Sometimes, chance and circumstance play their mysterious roles in dictating which shows producers will champion and which they will not. Lester Osterman, for example, had an opportunity last season to produce the revival of Morning's At Seven. He wanted to but at the moment of decision he was struggling to keep alive another revival, Watch on the Rhine. And, he reasoned, "If Watch on the Rhine, which was originally a success, is having trouble, what possibly could be the fate of a show that wasn't a hit to begin with?" Of course, Morning's At Seven went on to garner three Tony Awards.

On occasion, bright lights have flashed in producers' minds, illuminating concepts they think have potential. Then, for some reason or another, they have not been able to breathe life into the projects, only to suffer the chagrin of watching others find the right chemistry.

Once upon a time, for instance, Robert Whitehead, who has produced successes as A Man for All Seasons and The Prime of Miss Jean Brodie, held the rights to turn Pygmalion into a musical. But, he says, after studying the original Shaw work again and again, he decided it was "indestructible and wouldn't be made any richer with music." Cheryl Crawford had her turn with the work and she approached Alan J. Lerner and Frederick Loewe.

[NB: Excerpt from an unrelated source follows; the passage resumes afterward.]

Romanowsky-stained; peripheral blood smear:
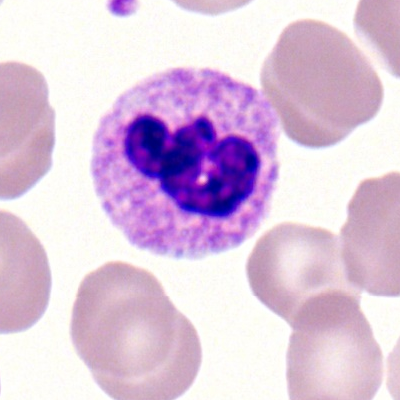 {"cell_type": "polymorphonuclear neutrophil"}

But, they, at the time, refused her. Later, of course, they went on to create one of the all-time great American musical scores for the classic called My Fair Lady.

On a like note is Alexander H. Cohen's bout with the character, Phineas Taylor Barnum. Cohen, whose 60-odd presentations have included Richard Burton's Hamlet, Black Comedy and the current hit A Day in Hollywood/A Night in the Ukraine, had the idea back in 1959 of creating a mammoth musical based on the life of the showman he considers his patron saint. Indeed, in 1960 a press release went out announcing that he would shortly name the librettist and composer who would "validate his vision" of Barnum, as not only a master of flimflam and humbug, but also as one of the nation's cultural pioneers who championed the theatre at a time when it was a suspect activity. 

But, he says, though he discussed the project with almost every writer of stature in the theatre - including Michael Stewart.